Già commissario del partito per il litorale di Roma, il senatore torinese, vicepresidente della commissione Lavori pubblici e comunicazioni nonchè membro della commissione antimafia, è stato nominato commissario Pd sul territorio di Ostia lo scorso febbraio in seguito allo scandalo di Mafia Capitale.

- Marco Rossi Doria, assessore all'Istruzione. Insegnante ed ex sottosegretario all'Istruzione con Monti sostituisce Paolo Masini del Pd, oltre 5mila preferenze alle ultime elezioni, mandato via dopo esser passato, dai Lavori pubblici nella prima giunta, alla Scuola e sport, sette mesi fa.

- Luigina Di Liegro, assessore al Turismo. Presidente della Fondazione Don Luigi Di Liegro è ex assessore al Welfare della Regione Lazio.

Sono tutte persone che "sapranno portare alla città i cambiamenti di cui la città ha bisogno" ha detto Marino "scelte dal sindaco per le loro capacità. Noi vogliamo davvero triplicare i nostri sforzi. Tutto il resto è polemica strumentale... Non ho mai sentito per un solo momento mancare i rapporti con governo e Parlamento" ha aggiunto ringraziando in particolare "chi come Matteo Orfini in questi mesi ha fatto squadra dentro e fuori il Campidoglio".

"Per i prossimi tre anni il programma di midterm prevede obiettivi concreti, risultati visibili e tempi certi" ha detto Marino presentando la nuova giunta. E ha fatto una lista di priorità: "Ora penseremo al decoro, alla pulizia, alla mobilità, alla casa e alla rigenerazione urbana... Da settembre pulitura delle caditoie per prepararci all'inverno, 300 operatori ecologici in piu', entro il 2015 prima pietra dell'eco distretto di Rocca Cencia e 60 mila cassonetti in più... Entro il 2015 ci saranno nuove corsie preferenziali per aumentare la velocità di percorrenza dei bus, entro Pasqua 2016 verrà aperta la stazione di Vigna Clara, chiusa da 25 anni, entro il 2016 è prevista l'apertura del tratto della metro C fino a San Giovanni". Inoltre Marino ha ricordato anche "l'apertura di nuove piste ciclabili e la realizzazione del Grab, il grande raccordo anulare per le due ruote". Inoltre il sindaco ha parlato della necessità di risanare Atac: "ci saranno partner industriali per Atac e nuova governance e management dopo l'approvazione del bilancio". Inoltre nel 2015 acquisteremo "200 nuovi bus e entro 2015 rifaremo manto stradale per il 20% delle strade ad alta percorribilità e faremo lavori di ricucitura per alcuni quartieri periferici". Inoltre si prevede la trasformazione della Roma Lido in una metro di superficie.
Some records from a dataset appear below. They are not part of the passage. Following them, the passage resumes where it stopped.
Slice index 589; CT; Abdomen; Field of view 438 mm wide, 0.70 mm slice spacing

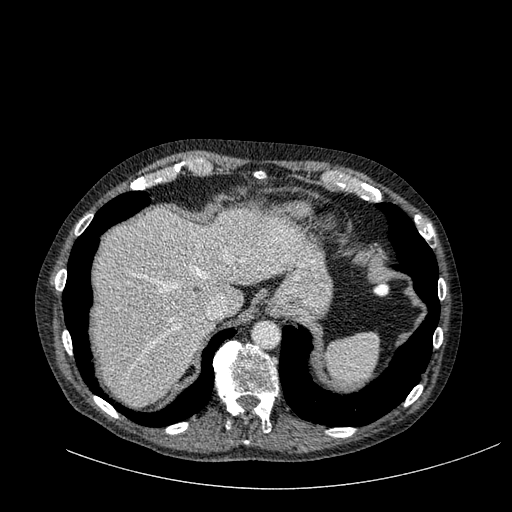 Segmented structures:
* liver: box=[94, 210, 302, 404]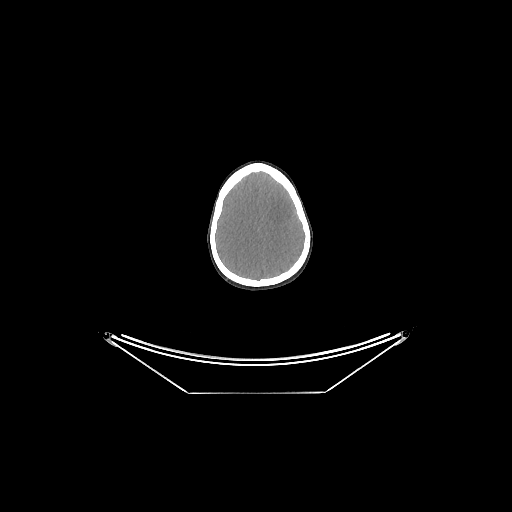

CT image

Segmented structures:
• brain: <box>215,171,305,280</box>
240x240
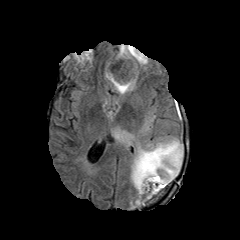
FLAIR MR.
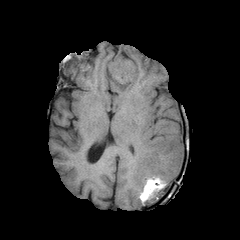
T1-weighted MR.
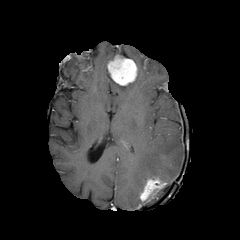
Same slice, post-contrast T1-weighted magnetic resonance.
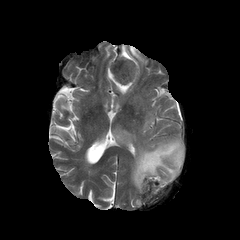
T2-weighted magnetic resonance.
Findings:
* non-enhancing tumor core: rect(110, 58, 133, 80); rect(120, 52, 138, 67)
* edema: rect(117, 45, 147, 70); rect(107, 73, 139, 94); rect(131, 137, 183, 194)
* enhancing tumor: rect(110, 55, 137, 85); rect(140, 178, 166, 199)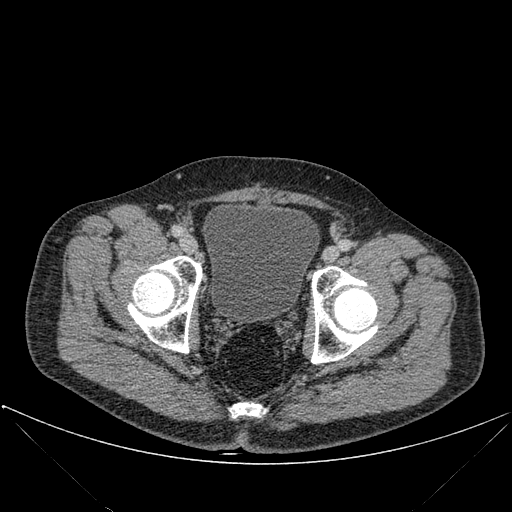

Pelvis, 512x512 px, CT image
Annotated regions:
- urinary bladder: <bbox>202, 202, 318, 323</bbox>
- bone: <bbox>229, 403, 263, 417</bbox>, <bbox>311, 266, 377, 363</bbox>, <bbox>128, 256, 202, 353</bbox>

E ancora: rigenerazione urbana avviando progetti strategici o rilanciando cantieri da tempo fermi. "Tra una settimana - ha detto Marino - aprirà il cantiere nell'ex Istituto geologico di Largo Santa Susanna dove saranno realizzate residenze e un'area museale, entro ottobre 2015 aprirà il cantiere di Piazza Augusto Imperatore e nel gennaio 2016 si avvierà il progetto delle torri dell'Eur dove si insedierà il quartiere generale Telecom, un'operazione dal costo di 110 milioni di euro dati da privati".